*PROBLEM REQUIREMENTS*
Among the records below, find the lines with the word "mixed" and copy them.
*** Block opens ***
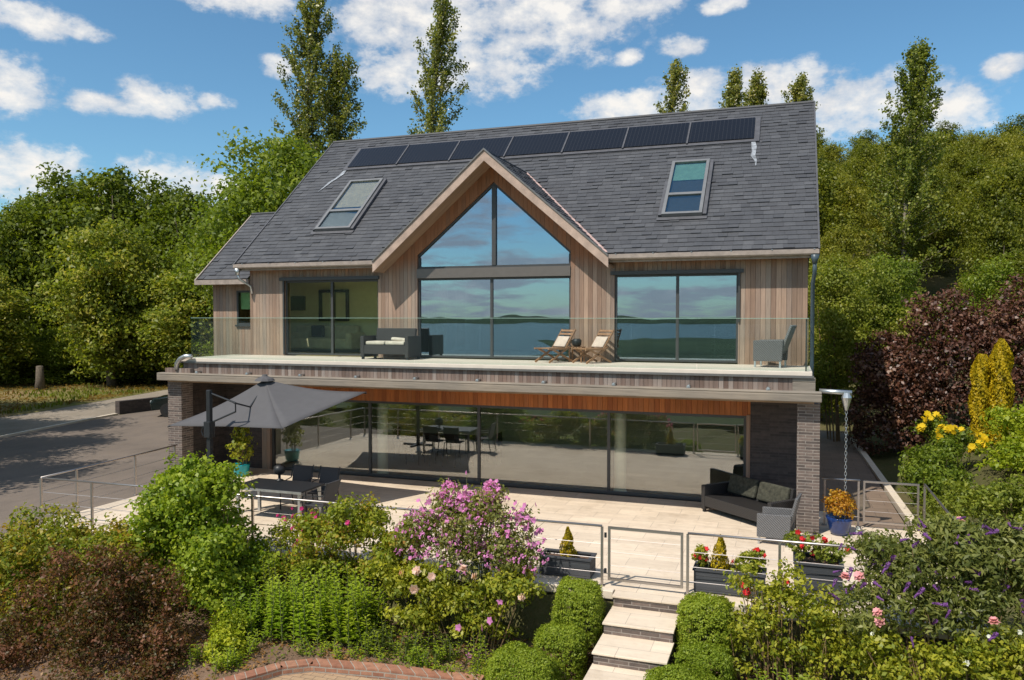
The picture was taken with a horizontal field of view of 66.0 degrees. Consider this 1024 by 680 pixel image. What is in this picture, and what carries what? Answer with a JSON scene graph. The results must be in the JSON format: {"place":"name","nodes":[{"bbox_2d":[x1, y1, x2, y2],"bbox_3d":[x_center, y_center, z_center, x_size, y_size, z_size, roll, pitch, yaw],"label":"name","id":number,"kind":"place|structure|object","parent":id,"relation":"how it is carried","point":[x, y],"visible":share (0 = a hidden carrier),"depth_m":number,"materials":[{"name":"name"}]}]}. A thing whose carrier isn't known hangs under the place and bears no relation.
{"place":"outdoors","nodes":[
{"label":"outdoors","id":0,"kind":"place"},
{"bbox_2d":[0,409,228,541],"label":"driveway","id":1,"kind":"structure","parent":0,"point":[28,460],"depth_m":25.41,"materials":[{"name":"grey asphalt"}]},
{"bbox_2d":[115,396,159,413],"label":"wall","id":2,"kind":"structure","parent":1,"relation":"on","point":[132,406],"depth_m":38.03,"materials":[{"name":"brick"}]},
{"bbox_2d":[269,672,383,679],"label":"path","id":3,"kind":"structure","parent":0,"point":[313,676],"depth_m":12.18,"materials":[{"name":"stone"}]},
{"bbox_2d":[0,0,1023,217],"label":"sky","id":4,"kind":"structure","parent":0,"point":[143,85],"materials":[{"name":"blue"}]},
{"bbox_2d":[37,467,987,644],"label":"terrace","id":5,"kind":"structure","parent":0,"point":[681,516],"depth_m":16.92,"materials":[{"name":"beige stone"}]},
{"bbox_2d":[39,444,176,521],"bbox_3d":[-9.615,3.402,19.206,0.156,1.021,4.556,0,2,14],"label":"railing","id":6,"kind":"object","parent":5,"relation":"on","point":[76,483],"visible":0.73,"depth_m":18.51,"materials":[{"name":"silver metal"}]},
{"bbox_2d":[234,462,249,476],"bbox_3d":[-7.617,3.649,22.183,0.500,0.340,0.500,1,2,19],"label":"teal pot","id":7,"kind":"object","parent":5,"relation":"on","point":[244,468],"visible":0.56,"depth_m":22.03,"materials":[{"name":"ceramic"}]},
{"bbox_2d":[225,427,257,464],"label":"leafy pot plant","id":8,"kind":"object","parent":7,"relation":"on","point":[238,446],"visible":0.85,"depth_m":22.06,"materials":[{"name":"green plant"}]},
{"bbox_2d":[167,374,366,488],"bbox_3d":[-5.984,2.377,18.534,3.750,3.110,3.479,1,2,37],"label":"cantilever parasol","id":9,"kind":"object","parent":5,"relation":"on","point":[267,401],"visible":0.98,"depth_m":18.14,"materials":[{"name":"grey fabric"}]},
{"bbox_2d":[233,478,325,515],"bbox_3d":[-5.202,3.593,17.593,1.840,0.735,0.990,1,2,19],"label":"terrace table","id":10,"kind":"object","parent":5,"relation":"on","point":[298,488],"visible":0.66,"depth_m":17.50,"materials":[{"name":"grey metal"}]},
{"bbox_2d":[42,477,605,586],"bbox_3d":[-4.284,3.526,15.077,12.302,1.021,0.109,1,2,18],"label":"railing","id":11,"kind":"object","parent":5,"relation":"on","point":[91,496],"visible":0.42,"depth_m":15.01,"materials":[{"name":"silver metal"}]},
{"bbox_2d":[604,526,683,588],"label":"garden gate","id":12,"kind":"structure","parent":11,"relation":"attached to","point":[680,586],"depth_m":12.91,"materials":[{"name":"silver metal"}]},
{"bbox_2d":[157,100,851,534],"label":"modern house","id":13,"kind":"structure","parent":5,"relation":"on","point":[675,250],"depth_m":21.06,"materials":[{"name":"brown wood"}]},
{"bbox_2d":[291,325,364,349],"bbox_3d":[-6.057,-0.098,25.302,2.600,0.750,0.970,1,2,19],"label":"sofa","id":14,"kind":"object","parent":13,"relation":"in","point":[347,337],"visible":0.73,"depth_m":25.04,"materials":[{"name":"grey fabric"}]},
{"bbox_2d":[286,279,377,355],"bbox_3d":[-5.112,-0.632,22.456,3.060,2.130,0.100,1,2,19],"label":"sliding door","id":15,"kind":"structure","parent":13,"relation":"in","point":[332,281],"depth_m":22.47,"materials":[{"name":"clear glass"}]},
{"bbox_2d":[360,328,420,359],"bbox_3d":[-3.231,0.097,21.045,1.420,0.817,0.776,1,2,19],"label":"rattan sofa","id":16,"kind":"object","parent":13,"relation":"on","point":[406,342],"visible":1,"depth_m":20.89,"materials":[{"name":"wicker"}]},
{"bbox_2d":[418,276,570,359],"bbox_3d":[-0.508,-0.584,20.838,4.300,2.130,0.100,1,2,19],"label":"sliding door","id":17,"kind":"structure","parent":13,"relation":"in","point":[491,317],"depth_m":20.81,"materials":[{"name":"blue glass"}]},
{"bbox_2d":[418,182,570,268],"bbox_3d":[-0.508,-3.030,20.764,4.300,2.235,0.140,1,2,19],"label":"gable window","id":18,"kind":"structure","parent":13,"relation":"in","point":[494,230],"depth_m":20.71,"materials":[{"name":"blue glass"}]},
{"bbox_2d":[272,400,745,500],"bbox_3d":[-0.730,2.790,21.017,13.390,2.115,0.100,1,2,19],"label":"sliding door","id":19,"kind":"structure","parent":13,"relation":"in","point":[479,407],"depth_m":20.63,"materials":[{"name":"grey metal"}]},
{"bbox_2d":[534,329,575,362],"bbox_3d":[1.082,0.140,19.563,0.965,0.824,0.534,-1,2,-41],"label":"deck chair","id":20,"kind":"object","parent":13,"relation":"on","point":[560,342],"visible":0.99,"depth_m":19.59,"materials":[{"name":"brown wood"}]},
{"bbox_2d":[571,329,614,363],"bbox_3d":[1.989,0.150,19.242,0.965,0.824,0.534,-1,2,-37],"label":"deck chair","id":21,"kind":"object","parent":13,"relation":"on","point":[599,341],"visible":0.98,"depth_m":19.25,"materials":[{"name":"brown wood"}]},
{"bbox_2d":[615,273,737,362],"bbox_3d":[3.987,-0.536,19.257,2.970,2.130,0.100,1,2,19],"label":"sliding door","id":22,"kind":"structure","parent":13,"relation":"in","point":[652,311],"depth_m":19.22,"materials":[{"name":"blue glass"}]},
{"bbox_2d":[753,325,796,367],"bbox_3d":[5.909,0.133,17.704,0.823,0.946,0.680,1,2,29],"label":"rattan armchair","id":23,"kind":"object","parent":13,"relation":"on","point":[775,350],"visible":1,"depth_m":17.47,"materials":[{"name":"wicker"}]},
{"bbox_2d":[539,548,596,578],"bbox_3d":[0.970,3.894,13.749,0.940,0.325,0.460,1,2,19],"label":"planter","id":24,"kind":"object","parent":5,"relation":"on","point":[580,562],"visible":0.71,"depth_m":13.58,"materials":[{"name":"metal"}]},
{"bbox_2d":[692,561,766,597],"bbox_3d":[3.545,3.901,12.843,1.140,0.365,0.460,1,2,19],"label":"planter","id":25,"kind":"object","parent":5,"relation":"on","point":[711,575],"visible":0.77,"depth_m":12.72,"materials":[{"name":"metal"}]},
{"bbox_2d":[701,474,795,527],"bbox_3d":[5.236,3.553,17.426,0.876,0.826,2.100,-1,2,-29],"label":"rattan sofa","id":26,"kind":"object","parent":5,"relation":"on","point":[743,497],"visible":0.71,"depth_m":17.52,"materials":[{"name":"wicker"}]},
{"bbox_2d":[757,493,801,546],"bbox_3d":[5.324,3.536,15.686,0.764,0.964,0.680,1,2,27],"label":"rattan armchair","id":27,"kind":"object","parent":5,"relation":"on","point":[775,522],"visible":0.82,"depth_m":15.45,"materials":[{"name":"wicker"}]},
{"bbox_2d":[793,551,844,605],"bbox_3d":[4.854,3.780,12.522,0.740,0.625,0.690,1,2,19],"label":"planter","id":28,"kind":"object","parent":5,"relation":"on","point":[819,571],"visible":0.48,"depth_m":12.22,"materials":[{"name":"metal"}]},
{"bbox_2d":[782,527,852,563],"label":"geranium","id":29,"kind":"object","parent":28,"relation":"on","point":[818,552],"visible":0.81,"depth_m":12.47,"materials":[{"name":"green plant"}]},
{"bbox_2d":[684,532,987,627],"bbox_3d":[4.823,3.617,12.039,4.303,1.021,0.109,1,2,18],"label":"railing","id":30,"kind":"object","parent":5,"relation":"on","point":[746,538],"visible":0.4,"depth_m":12.37,"materials":[{"name":"silver metal"}]},
{"bbox_2d":[825,513,853,535],"bbox_3d":[6.741,3.812,16.234,0.540,0.370,0.540,1,2,19],"label":"blue pot","id":31,"kind":"object","parent":5,"relation":"on","point":[840,526],"visible":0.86,"depth_m":16.07,"materials":[{"name":"ceramic"}]},
{"bbox_2d":[819,488,858,519],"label":"orange shrub","id":32,"kind":"object","parent":31,"relation":"on","point":[835,506],"visible":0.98,"depth_m":16.11,"materials":[{"name":"brown plant"}]},
{"bbox_2d":[4,240,1023,679],"bbox_3d":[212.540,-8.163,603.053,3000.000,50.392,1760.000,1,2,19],"label":"ground","id":33,"kind":"structure","parent":0,"point":[532,616],"depth_m":14.72,"materials":[{"name":"green plant"}]},
{"bbox_2d":[0,389,167,435],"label":"gravel lane","id":34,"kind":"structure","parent":33,"relation":"on","point":[17,423],"depth_m":36.98,"materials":[{"name":"beige gravel"}]},
{"bbox_2d":[0,378,167,416],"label":"grass verge","id":35,"kind":"object","parent":33,"relation":"on","point":[47,408],"depth_m":46.33,"materials":[{"name":"green plant"}]},
{"bbox_2d":[0,265,43,380],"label":"flowering chestnut","id":36,"kind":"object","parent":35,"relation":"on","point":[10,312],"visible":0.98,"depth_m":51.71,"materials":[{"name":"green plant"}]},
{"bbox_2d":[0,341,65,384],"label":"flowering chestnut","id":37,"kind":"object","parent":35,"relation":"on","point":[23,377],"visible":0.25,"depth_m":54.01,"materials":[{"name":"green plant"}]},
{"bbox_2d":[0,197,71,345],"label":"broadleaf tree","id":38,"kind":"object","parent":35,"relation":"on","point":[6,253],"visible":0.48,"depth_m":57.40,"materials":[{"name":"green plant"}]},
{"bbox_2d":[11,327,90,381],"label":"lime tree","id":39,"kind":"object","parent":35,"relation":"on","point":[46,340],"visible":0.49,"depth_m":53.54,"materials":[{"name":"green plant"}]},
{"bbox_2d":[14,354,106,384],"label":"broadleaf tree","id":40,"kind":"object","parent":35,"relation":"on","point":[67,377],"visible":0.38,"depth_m":53.71,"materials":[{"name":"green plant"}]},
{"bbox_2d":[0,161,132,339],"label":"broadleaf tree","id":41,"kind":"object","parent":35,"relation":"on","point":[61,192],"visible":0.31,"depth_m":57.90,"materials":[{"name":"green plant"}]},
{"bbox_2d":[23,163,172,321],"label":"broadleaf tree","id":42,"kind":"object","parent":35,"relation":"on","point":[115,186],"visible":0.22,"depth_m":58.49,"materials":[{"name":"green plant"}]},
{"bbox_2d":[25,214,173,386],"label":"flowering chestnut","id":43,"kind":"object","parent":35,"relation":"on","point":[93,286],"visible":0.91,"depth_m":50.55,"materials":[{"name":"green plant"}]},
{"bbox_2d":[81,169,210,297],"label":"broadleaf tree","id":44,"kind":"object","parent":35,"relation":"on","point":[156,187],"visible":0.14,"depth_m":58.50,"materials":[{"name":"green plant"}]},
{"bbox_2d":[134,188,218,317],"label":"broadleaf tree","id":45,"kind":"object","parent":35,"relation":"on","point":[184,202],"visible":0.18,"depth_m":56.32,"materials":[{"name":"green plant"}]},
{"bbox_2d":[104,264,213,372],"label":"flowering chestnut","id":46,"kind":"object","parent":33,"relation":"on","point":[169,317],"visible":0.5,"depth_m":49.67,"materials":[{"name":"green plant"}]},
{"bbox_2d":[156,204,220,352],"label":"broadleaf tree","id":47,"kind":"object","parent":33,"relation":"on","point":[184,253],"visible":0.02,"depth_m":49.99,"materials":[{"name":"green plant"}]},
{"bbox_2d":[151,126,323,356],"bbox_3d":[-10.260,-2.976,36.478,11.895,13.940,12.110,1,2,36],"label":"lime tree","id":48,"kind":"object","parent":33,"relation":"on","point":[287,168],"visible":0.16,"depth_m":34.58,"materials":[{"name":"green plant"}]},
{"bbox_2d":[262,0,367,158],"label":"poplar tree","id":49,"kind":"object","parent":33,"relation":"on","point":[311,114],"visible":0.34,"depth_m":51.46,"materials":[{"name":"green plant"}]},
{"bbox_2d":[0,577,861,679],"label":"flower bed","id":50,"kind":"object","parent":33,"relation":"on","point":[204,673],"visible":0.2,"depth_m":13.02,"materials":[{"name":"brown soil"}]},
{"bbox_2d":[0,500,169,642],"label":"red tipped shrub","id":51,"kind":"object","parent":50,"relation":"on","point":[12,553],"visible":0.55,"depth_m":14.27,"materials":[{"name":"green plant"}]},
{"bbox_2d":[0,540,210,679],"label":"purple leaved shrub","id":52,"kind":"object","parent":50,"relation":"on","point":[130,611],"visible":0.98,"depth_m":13.00,"materials":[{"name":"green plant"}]},
{"bbox_2d":[114,448,288,624],"bbox_3d":[-5.692,3.571,14.504,3.474,3.137,2.361,1,2,19],"label":"snowball shrub","id":53,"kind":"object","parent":50,"relation":"on","point":[198,533],"visible":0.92,"depth_m":14.11,"materials":[{"name":"green plant"}]},
{"bbox_2d":[200,606,254,668],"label":"pale leafy shrub","id":54,"kind":"object","parent":50,"relation":"on","point":[222,639],"visible":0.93,"depth_m":13.05,"materials":[{"name":"green plant"}]},
{"bbox_2d":[187,620,267,673],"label":"perennial","id":55,"kind":"object","parent":50,"relation":"on","point":[230,652],"visible":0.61,"depth_m":12.80,"materials":[{"name":"green plant"}]},
{"bbox_2d":[217,575,270,639],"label":"shrub","id":56,"kind":"object","parent":50,"relation":"on","point":[254,609],"visible":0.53,"depth_m":13.64,"materials":[{"name":"green plant"}]},
{"bbox_2d":[264,506,328,598],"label":"fuchsia shrub","id":57,"kind":"object","parent":50,"relation":"on","point":[281,542],"visible":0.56,"depth_m":14.69,"materials":[{"name":"green plant"}]},
{"bbox_2d":[261,561,340,648],"bbox_3d":[-3.565,4.532,13.612,1.392,1.345,1.253,1,2,19],"label":"tall perennial","id":58,"kind":"object","parent":50,"relation":"on","point":[296,616],"visible":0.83,"depth_m":13.35,"materials":[{"name":"green plant"}]},
{"bbox_2d":[267,491,427,620],"bbox_3d":[-2.984,3.912,14.109,3.236,2.365,1.263,1,2,19],"label":"climbing rose","id":59,"kind":"object","parent":50,"relation":"on","point":[363,525],"visible":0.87,"depth_m":13.99,"materials":[{"name":"green plant"}]},
{"bbox_2d":[217,658,484,679],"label":"brick edging","id":60,"kind":"object","parent":50,"relation":"on","point":[356,669],"visible":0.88,"depth_m":12.20,"materials":[{"name":"brick"}]},
{"bbox_2d":[312,562,394,652],"bbox_3d":[-2.670,4.523,13.409,1.238,1.337,1.111,1,2,19],"label":"tall perennial","id":61,"kind":"object","parent":50,"relation":"on","point":[352,614],"visible":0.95,"depth_m":13.17,"materials":[{"name":"green plant"}]},
{"bbox_2d":[290,634,485,676],"bbox_3d":[-1.986,5.042,12.570,3.429,0.424,0.543,1,2,19],"label":"perennial","id":62,"kind":"object","parent":50,"relation":"on","point":[335,648],"visible":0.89,"depth_m":12.77,"materials":[{"name":"green plant"}]},
{"bbox_2d":[359,622,468,665],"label":"iris clump","id":63,"kind":"object","parent":50,"relation":"on","point":[382,644],"visible":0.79,"depth_m":12.70,"materials":[{"name":"green plant"}]},
{"bbox_2d":[361,618,509,676],"bbox_3d":[-1.282,4.916,12.557,2.465,0.637,0.812,1,2,19],"label":"perennial","id":64,"kind":"object","parent":50,"relation":"on","point":[397,642],"visible":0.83,"depth_m":12.69,"materials":[{"name":"green plant"}]},
{"bbox_2d":[363,556,547,657],"bbox_3d":[-0.996,4.356,12.904,3.305,1.665,1.174,1,2,19],"label":"rose bush","id":65,"kind":"object","parent":50,"relation":"on","point":[431,583],"visible":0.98,"depth_m":12.67,"materials":[{"name":"green plant"}]},
{"bbox_2d":[389,470,548,646],"bbox_3d":[-0.717,3.660,13.274,2.841,2.935,1.392,1,2,19],"label":"tree mallow","id":66,"kind":"object","parent":50,"relation":"on","point":[463,512],"visible":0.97,"depth_m":13.02,"materials":[{"name":"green plant"}]},
{"bbox_2d":[484,619,590,679],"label":"box bush","id":67,"kind":"object","parent":50,"relation":"on","point":[525,660],"visible":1,"depth_m":11.65,"materials":[{"name":"green plant"}]},
{"bbox_2d":[549,576,606,655],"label":"box bush","id":68,"kind":"object","parent":50,"relation":"on","point":[581,588],"visible":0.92,"depth_m":12.24,"materials":[{"name":"green plant"}]},
{"bbox_2d":[643,639,737,679],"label":"box bush","id":69,"kind":"object","parent":50,"relation":"on","point":[699,664],"visible":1,"depth_m":11.01,"materials":[{"name":"green plant"}]},
{"bbox_2d":[674,591,735,667],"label":"box bush","id":70,"kind":"object","parent":50,"relation":"on","point":[701,602],"visible":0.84,"depth_m":11.62,"materials":[{"name":"green plant"}]},
{"bbox_2d":[716,557,886,679],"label":"rose bush","id":71,"kind":"object","parent":50,"relation":"on","point":[822,650],"visible":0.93,"depth_m":11.35,"materials":[{"name":"green plant"}]},
{"bbox_2d":[825,506,1023,679],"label":"buddleia","id":72,"kind":"object","parent":50,"relation":"on","point":[956,551],"visible":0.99,"depth_m":10.59,"materials":[{"name":"green plant"}]},
{"bbox_2d":[838,619,1023,679],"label":"yellow leaved rose","id":73,"kind":"object","parent":50,"relation":"on","point":[957,664],"visible":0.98,"depth_m":10.21,"materials":[{"name":"green plant"}]},
{"bbox_2d":[407,0,469,134],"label":"poplar tree","id":74,"kind":"object","parent":33,"relation":"on","point":[441,35],"visible":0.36,"depth_m":51.81,"materials":[{"name":"green plant"}]},
{"bbox_2d":[583,590,681,679],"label":"garden steps","id":75,"kind":"structure","parent":33,"relation":"on","point":[636,639],"depth_m":11.79,"materials":[{"name":"beige stone"}]},
{"bbox_2d":[653,58,690,112],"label":"poplar tree","id":76,"kind":"object","parent":33,"relation":"on","point":[675,95],"visible":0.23,"depth_m":59.50,"materials":[{"name":"green plant"}]},
{"bbox_2d":[718,64,749,107],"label":"poplar tree","id":77,"kind":"object","parent":33,"relation":"on","point":[733,96],"visible":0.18,"depth_m":59.64,"materials":[{"name":"green plant"}]},
{"bbox_2d":[742,66,768,105],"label":"poplar tree","id":78,"kind":"object","parent":33,"relation":"on","point":[757,94],"visible":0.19,"depth_m":61.74,"materials":[{"name":"green plant"}]},
{"bbox_2d":[781,71,829,177],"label":"poplar tree","id":79,"kind":"object","parent":33,"relation":"on","point":[799,89],"visible":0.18,"depth_m":61.70,"materials":[{"name":"green plant"}]},
{"bbox_2d":[808,221,871,275],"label":"hillside tree","id":80,"kind":"object","parent":33,"relation":"on","point":[847,242],"visible":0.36,"depth_m":46.95,"materials":[{"name":"green plant"}]},
{"bbox_2d":[817,160,869,268],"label":"hillside tree","id":81,"kind":"object","parent":33,"relation":"on","point":[824,195],"visible":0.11,"depth_m":50.69,"materials":[{"name":"green plant"}]},
{"bbox_2d":[819,170,887,260],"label":"hillside tree","id":82,"kind":"object","parent":33,"relation":"on","point":[850,190],"visible":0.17,"depth_m":53.69,"materials":[{"name":"green plant"}]},
{"bbox_2d":[807,254,925,441],"bbox_3d":[12.573,0.381,28.778,4.588,6.933,3.401,0,2,-10],"label":"mixed hedge","id":83,"kind":"object","parent":33,"relation":"on","point":[838,329],"visible":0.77,"depth_m":28.11,"materials":[{"name":"green plant"}]},
{"bbox_2d":[844,139,905,235],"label":"hillside tree","id":84,"kind":"object","parent":33,"relation":"on","point":[858,163],"visible":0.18,"depth_m":72.54,"materials":[{"name":"green plant"}]},
{"bbox_2d":[857,152,898,230],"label":"hillside tree","id":85,"kind":"object","parent":33,"relation":"on","point":[875,168],"visible":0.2,"depth_m":68.26,"materials":[{"name":"green plant"}]},
{"bbox_2d":[838,328,959,455],"bbox_3d":[12.764,1.748,26.169,3.682,4.318,3.055,1,2,19],"label":"copper beech","id":86,"kind":"object","parent":33,"relation":"on","point":[872,359],"visible":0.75,"depth_m":25.80,"materials":[{"name":"purple plant"}]},
{"bbox_2d":[863,204,937,280],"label":"hillside tree","id":87,"kind":"object","parent":33,"relation":"on","point":[882,231],"visible":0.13,"depth_m":53.06,"materials":[{"name":"green plant"}]},
{"bbox_2d":[858,36,958,301],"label":"poplar tree","id":88,"kind":"object","parent":33,"relation":"on","point":[916,98],"visible":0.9,"depth_m":50.92,"materials":[{"name":"green plant"}]},
{"bbox_2d":[894,435,981,512],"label":"green shrub","id":89,"kind":"object","parent":33,"relation":"on","point":[929,464],"visible":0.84,"depth_m":18.22,"materials":[{"name":"green plant"}]},
{"bbox_2d":[904,171,974,274],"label":"hillside tree","id":90,"kind":"object","parent":33,"relation":"on","point":[941,237],"visible":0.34,"depth_m":57.82,"materials":[{"name":"green plant"}]},
{"bbox_2d":[856,247,1023,409],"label":"mixed hedge","id":91,"kind":"object","parent":33,"relation":"on","point":[901,273],"visible":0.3,"depth_m":28.66,"materials":[{"name":"green plant"}]},
{"bbox_2d":[869,283,1023,427],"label":"copper beech","id":92,"kind":"object","parent":33,"relation":"on","point":[952,393],"visible":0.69,"depth_m":24.79,"materials":[{"name":"purple plant"}]},
{"bbox_2d":[906,411,989,469],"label":"yellow lily","id":93,"kind":"object","parent":33,"relation":"on","point":[940,428],"visible":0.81,"depth_m":20.13,"materials":[{"name":"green plant"}]},
{"bbox_2d":[921,140,992,186],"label":"hillside tree","id":94,"kind":"object","parent":33,"relation":"on","point":[954,161],"visible":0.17,"depth_m":69.22,"materials":[{"name":"green plant"}]},
{"bbox_2d":[947,155,998,242],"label":"hillside tree","id":95,"kind":"object","parent":33,"relation":"on","point":[977,166],"visible":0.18,"depth_m":65.98,"materials":[{"name":"green plant"}]},
{"bbox_2d":[934,473,1023,528],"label":"fern like shrub","id":96,"kind":"object","parent":33,"relation":"on","point":[1008,498],"visible":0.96,"depth_m":15.29,"materials":[{"name":"green plant"}]},
{"bbox_2d":[967,353,990,448],"bbox_3d":[12.702,1.704,21.444,0.567,2.699,0.559,1,2,19],"label":"golden conifer","id":97,"kind":"object","parent":33,"relation":"on","point":[978,374],"visible":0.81,"depth_m":21.31,"materials":[{"name":"yellow plant"}]},
{"bbox_2d":[936,154,1023,278],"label":"hillside tree","id":98,"kind":"object","parent":33,"relation":"on","point":[1011,181],"visible":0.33,"depth_m":48.01,"materials":[{"name":"green plant"}]},
{"bbox_2d":[948,194,1023,310],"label":"hillside tree","id":99,"kind":"object","parent":33,"relation":"on","point":[997,230],"visible":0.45,"depth_m":42.62,"materials":[{"name":"green plant"}]},
{"bbox_2d":[949,273,1023,418],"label":"copper beech","id":100,"kind":"object","parent":33,"relation":"on","point":[1003,310],"visible":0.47,"depth_m":23.83,"materials":[{"name":"purple plant"}]},
{"bbox_2d":[967,398,1023,471],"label":"golden shrub","id":101,"kind":"object","parent":33,"relation":"on","point":[1012,455],"visible":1,"depth_m":18.29,"materials":[{"name":"green plant"}]},
{"bbox_2d":[970,130,1020,171],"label":"hillside tree","id":102,"kind":"object","parent":33,"relation":"on","point":[994,144],"visible":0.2,"depth_m":73.69,"materials":[{"name":"green plant"}]},
{"bbox_2d":[987,338,1015,443],"bbox_3d":[13.176,1.411,21.265,0.696,2.953,0.685,1,2,19],"label":"golden conifer","id":103,"kind":"object","parent":33,"relation":"on","point":[1002,358],"visible":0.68,"depth_m":21.11,"materials":[{"name":"yellow plant"}]},
{"bbox_2d":[819,430,906,529],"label":"side path","id":104,"kind":"structure","parent":0,"point":[832,458],"depth_m":21.52,"materials":[{"name":"beige stone"}]},
{"bbox_2d":[850,437,922,531],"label":"kerb","id":105,"kind":"structure","parent":104,"relation":"on","point":[902,509],"depth_m":20.24,"materials":[{"name":"beige stone"}]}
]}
*** Block closes ***
*TASK ANSWER*
{"bbox_2d":[807,254,925,441],"bbox_3d":[12.573,0.381,28.778,4.588,6.933,3.401,0,2,-10],"label":"mixed hedge","id":83,"kind":"object","parent":33,"relation":"on","point":[838,329],"visible":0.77,"depth_m":28.11,"materials":[{"name":"green plant"}]},
{"bbox_2d":[856,247,1023,409],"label":"mixed hedge","id":91,"kind":"object","parent":33,"relation":"on","point":[901,273],"visible":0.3,"depth_m":28.66,"materials":[{"name":"green plant"}]},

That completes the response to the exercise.